To get SQLite as a service, we build our service from two modules: the ethqlite repo and the Fluence sqlite Wasm module, which we can build or pickup as a wasm files from the releases. This largely, but not entirely, mirrors what we did with the cUrl service: build the service by providing an adapter to the binary. Unlike the cUrl binary, we are bringing our own sqlite binary, i.e., sqlite3.wasm, with us.

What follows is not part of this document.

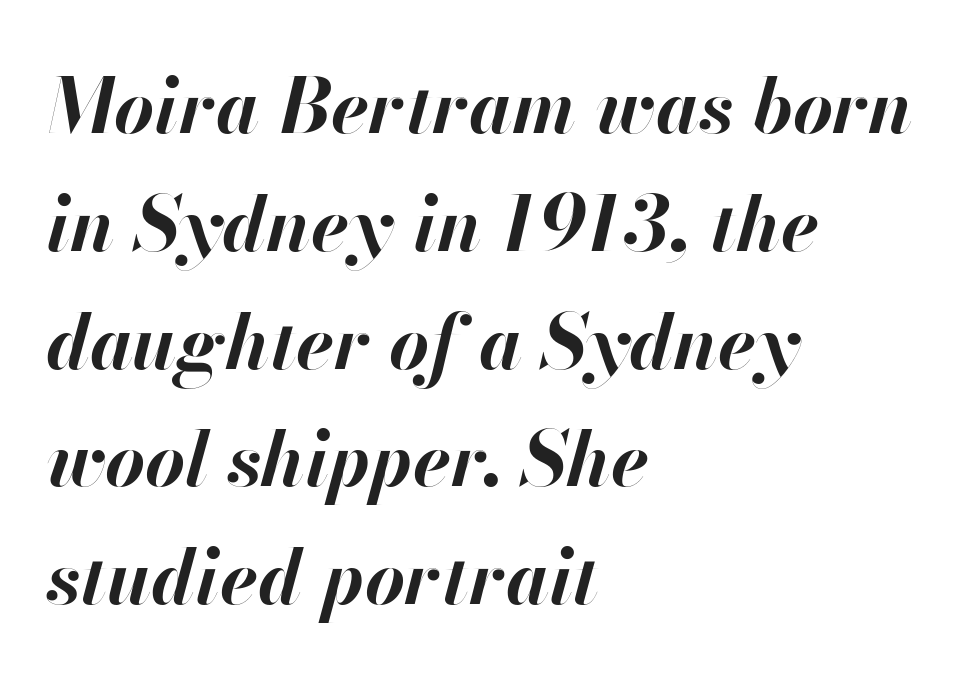
{"italic": "yes", "lean": "right", "slant_degrees": 13, "bold": "yes", "weight": "bold", "width": "normal", "stroke_contrast": "high", "x_height": "small", "monospaced": "no", "underline": "no", "align": "left", "line_spacing": "normal", "line_spacing_ratio": 1.53, "letter_spacing": "normal", "letter_spacing_em": 0.0, "glyph_px": 77}

This leaves us to code our ethqlite module with respect to desired CRUD interfaces and security. As previously discussed, we want writes to the sqlite services to be privileged, which implies that we need to own the service and have the client seed to manage authentication and ambient authorization. Specifically, we can implement a rudimentary authorization system where authentication implies authorization to write. The is_owner function in the ethqlite repo does exactly that: if the caller can prove ownership by providing a valid client seed, than we have a true condition equating write-privileged ownership with the caller identity:
// auth.rs
use fluence::{fce, CallParameters};
use::fluence;
use crate::get_connection;
pub fn is_owner() -> bool {
let meta = fluence::get_call_parameters();
let caller = meta.init_peer_id;
let owner = meta.service_creator_peer_id;
caller == owner
}
#[fce]
pub fn am_i_owner() -> bool {
is_owner()
}
where the fluence::get_call_parameters is a FCE function returning the populated CallParameter struct defined in the Fluence Rust SDK provides us with the salient creator and caller parameters at runtime.
While the majority of the CRUD operations in crud.rs are standard fare except, the auth & auth check appears in update_reward_blocks:
// crud.rs
#[fce]
pub fn update_reward_blocks(data_string: String) -> UpdateResult {
if !is_owner() { // <= auth & auth check !!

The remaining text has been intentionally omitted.